--- TASK REQUIREMENTS ---
Go through the material below, find each line with the word "ground", and copy those lines.

▼▼▼

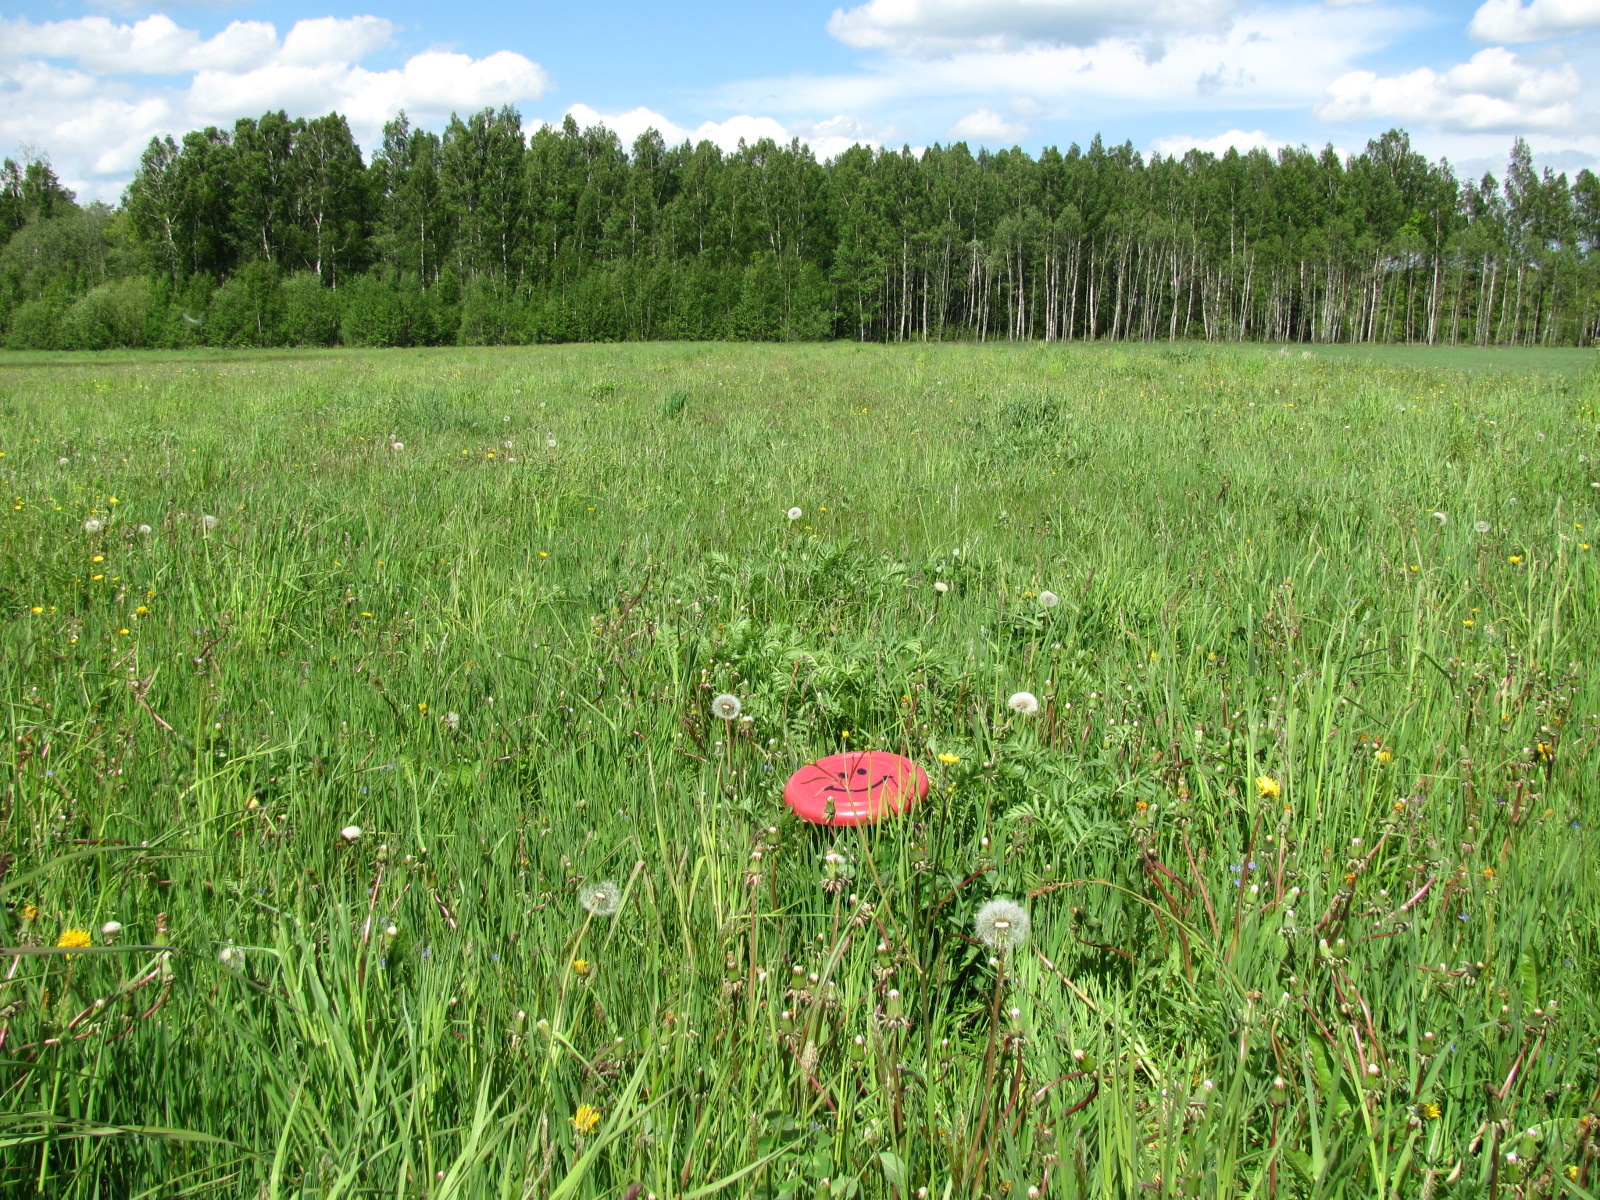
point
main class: Grassland
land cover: Grassland without tree/shrub cover
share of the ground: > 75 %
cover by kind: herbaceous plants 100 %
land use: Agriculture (excluding fallow land and kitchen gardens)
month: May
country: LV
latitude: 56.6267
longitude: 23.9547
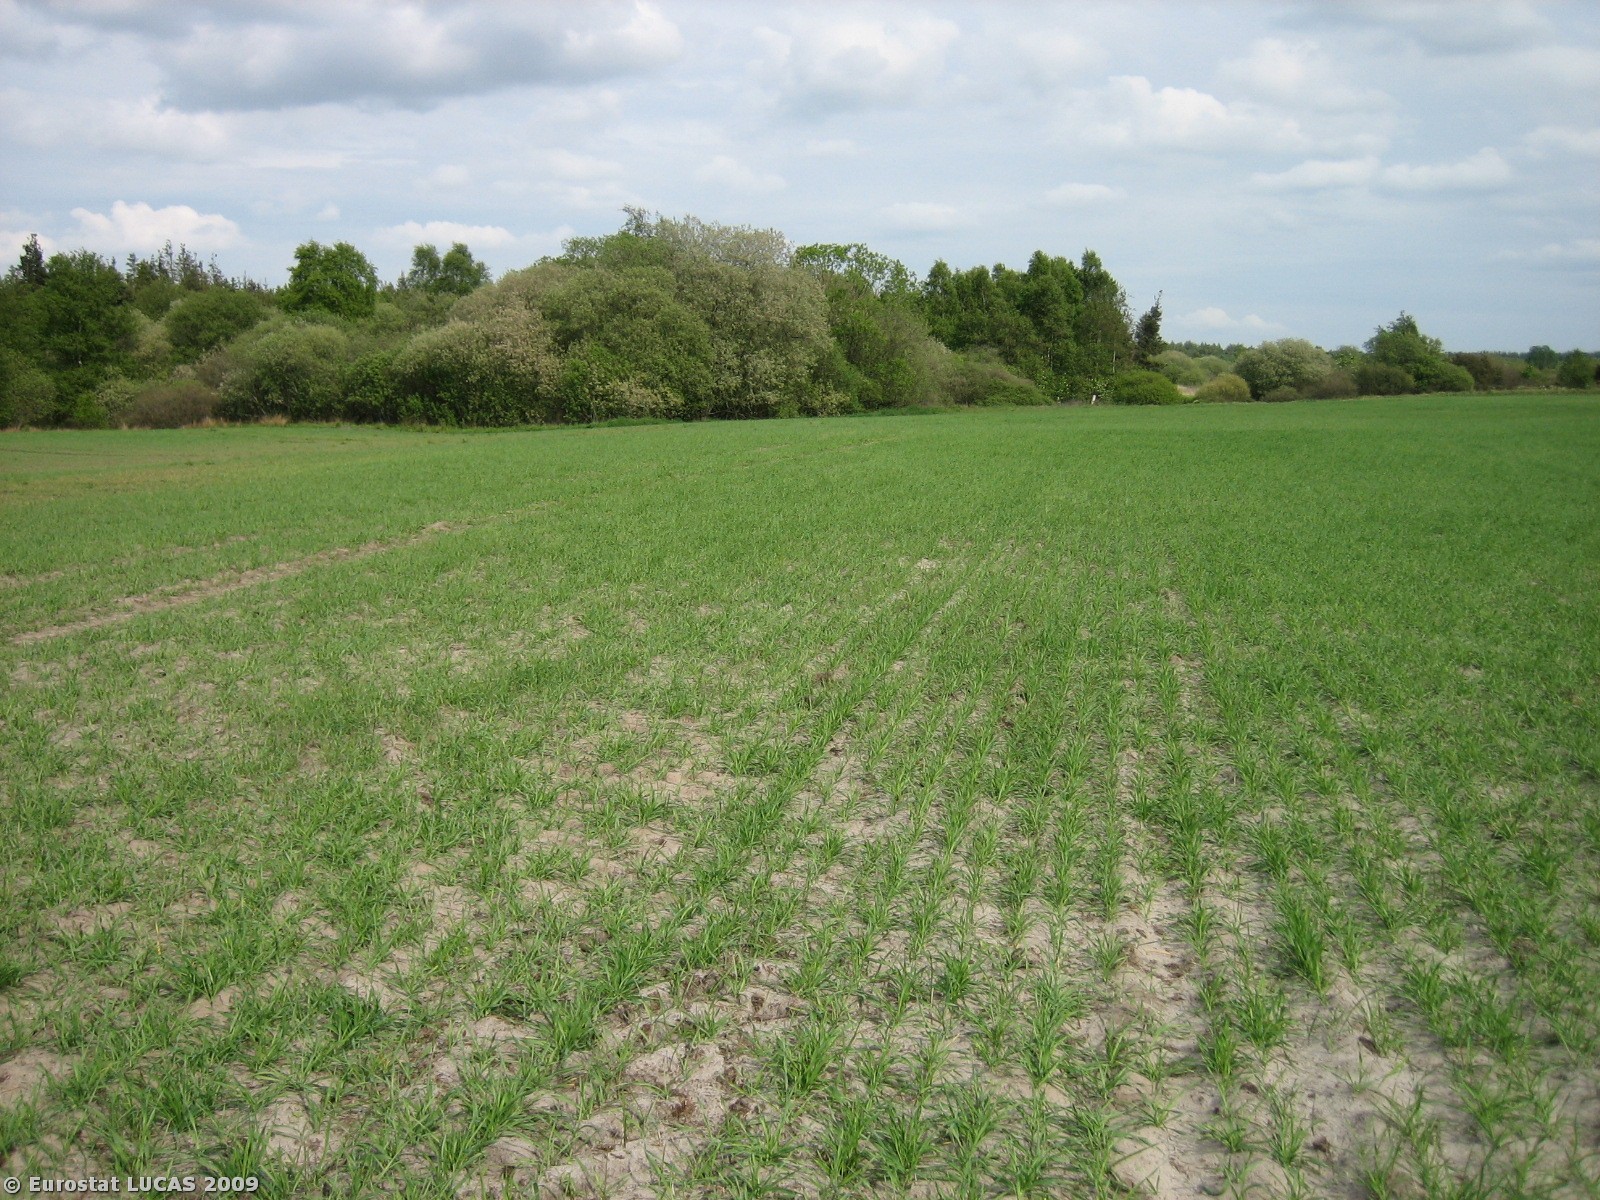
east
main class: Cropland
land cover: Barley
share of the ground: 25 - 50 %
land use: Agriculture (excluding fallow land and kitchen gardens)
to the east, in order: Barley; Broadleaved woodland; Grassland without tree/shrub cover; Inland running water; Coniferous woodland; Broadleaved woodland; Grass margins; Inland running water
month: May
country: DK
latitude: 56.2213
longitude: 9.2107

▲▲▲

--- RESPONSE TO THE EXERCISE ---
share of the ground: > 75 %
share of the ground: 25 - 50 %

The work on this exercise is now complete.